Requirement
Look at each line below and tally those holding "above"; answer with that figure and nothing else.

Source data
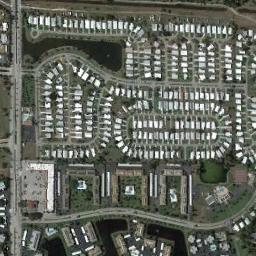
Label: residential
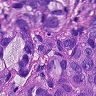
Metastatic tissue present: yes
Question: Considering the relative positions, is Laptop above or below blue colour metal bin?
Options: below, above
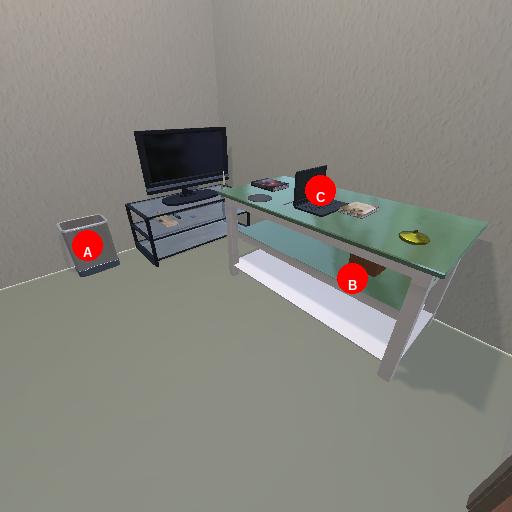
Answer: below
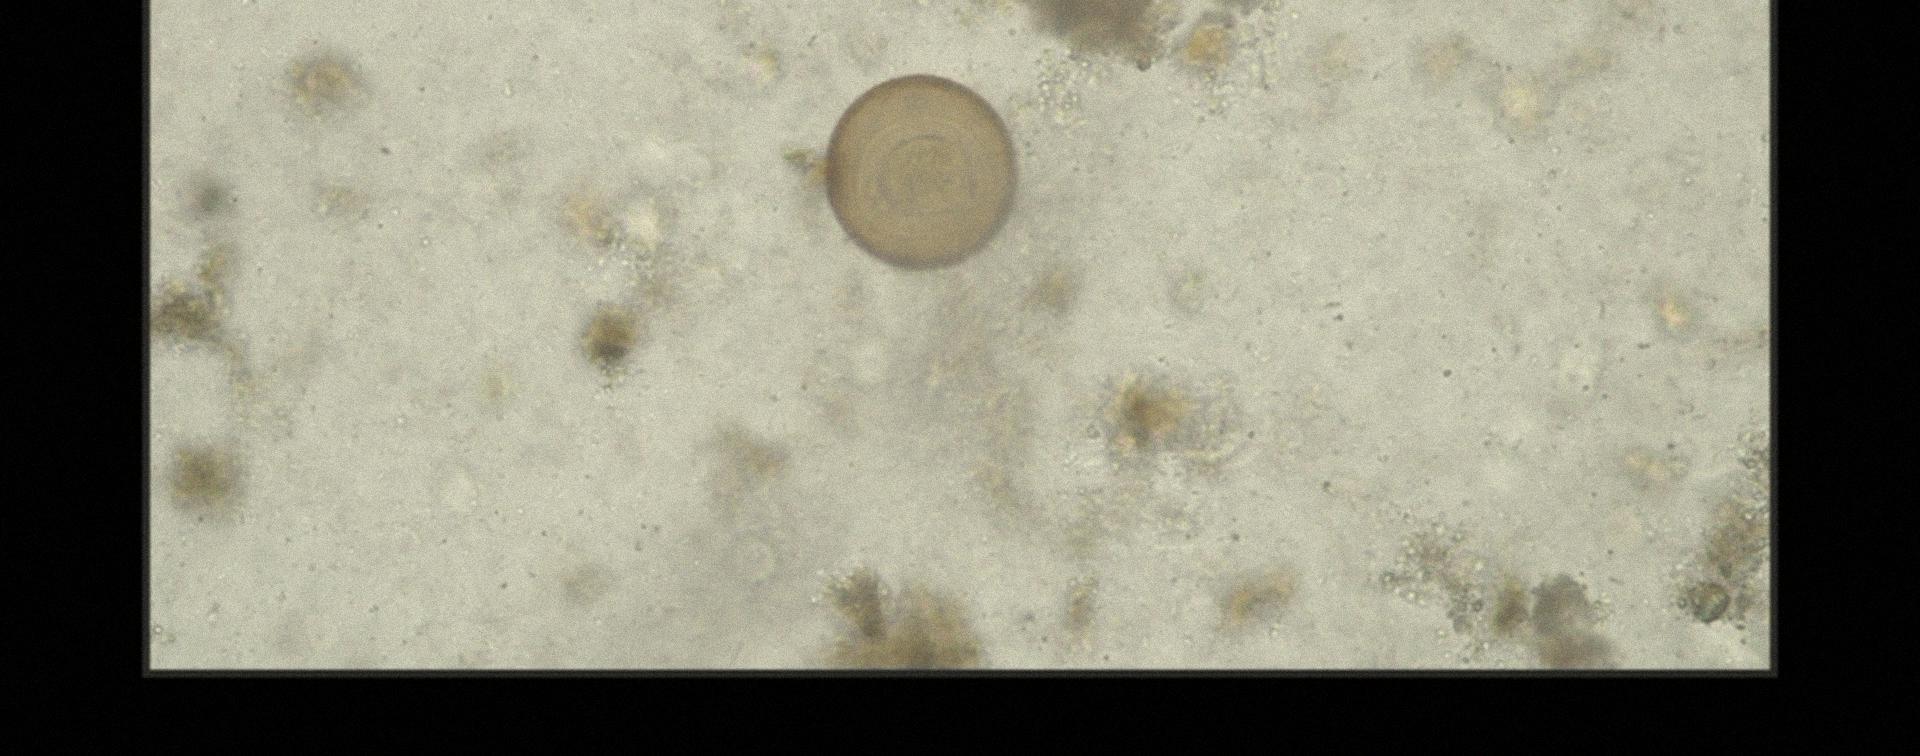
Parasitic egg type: Hymenolepis diminuta
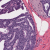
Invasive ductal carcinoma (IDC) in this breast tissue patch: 0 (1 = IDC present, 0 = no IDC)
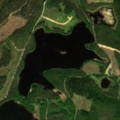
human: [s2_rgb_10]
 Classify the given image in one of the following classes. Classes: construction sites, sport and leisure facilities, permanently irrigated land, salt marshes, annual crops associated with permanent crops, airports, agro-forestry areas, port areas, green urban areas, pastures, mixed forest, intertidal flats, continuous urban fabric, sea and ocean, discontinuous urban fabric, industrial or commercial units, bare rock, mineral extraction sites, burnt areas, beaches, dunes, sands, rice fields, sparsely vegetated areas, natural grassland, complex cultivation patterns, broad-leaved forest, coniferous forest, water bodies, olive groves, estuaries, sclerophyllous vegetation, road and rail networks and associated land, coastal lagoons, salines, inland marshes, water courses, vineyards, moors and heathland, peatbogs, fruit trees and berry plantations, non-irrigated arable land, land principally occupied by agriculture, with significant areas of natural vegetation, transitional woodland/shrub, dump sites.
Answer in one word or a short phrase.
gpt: coniferous forest, mixed forest, transitional woodland/shrub, water bodies
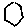
Label: hexagon
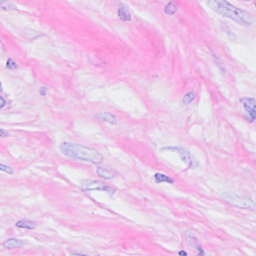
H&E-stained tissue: Breast
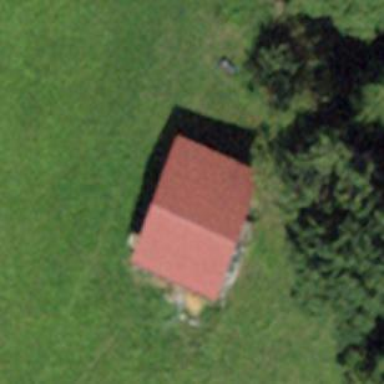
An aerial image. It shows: Barn.
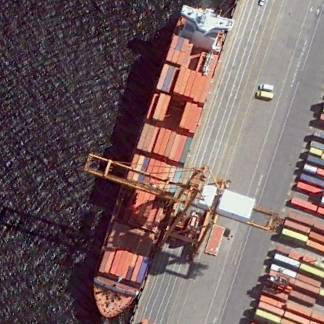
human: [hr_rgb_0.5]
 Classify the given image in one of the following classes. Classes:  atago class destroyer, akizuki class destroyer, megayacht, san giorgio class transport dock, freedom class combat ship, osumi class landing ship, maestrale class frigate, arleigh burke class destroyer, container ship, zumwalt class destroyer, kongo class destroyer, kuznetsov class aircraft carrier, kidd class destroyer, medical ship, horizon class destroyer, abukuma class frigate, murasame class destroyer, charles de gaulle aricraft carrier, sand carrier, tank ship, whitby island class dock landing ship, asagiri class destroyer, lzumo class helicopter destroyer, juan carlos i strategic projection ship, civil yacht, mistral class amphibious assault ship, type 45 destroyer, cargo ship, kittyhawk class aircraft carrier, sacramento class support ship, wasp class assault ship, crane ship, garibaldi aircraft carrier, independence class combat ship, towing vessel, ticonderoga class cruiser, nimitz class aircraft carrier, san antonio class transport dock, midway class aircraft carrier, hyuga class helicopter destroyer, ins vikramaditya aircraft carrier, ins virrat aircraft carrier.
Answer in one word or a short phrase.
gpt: Container ship
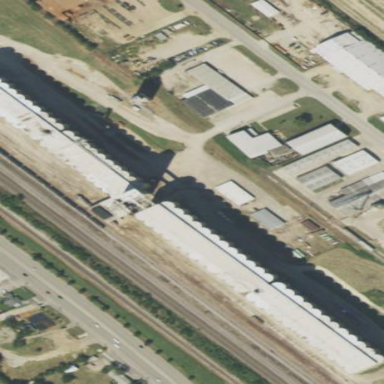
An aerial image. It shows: Silo building.
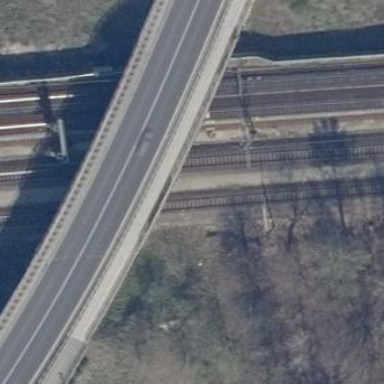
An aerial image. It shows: Man-made bridge.
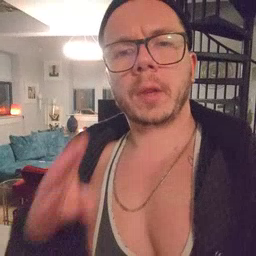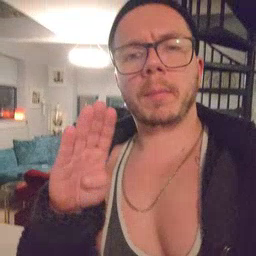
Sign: blue
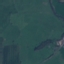
Land use / land cover class: Pasture

Written reply
2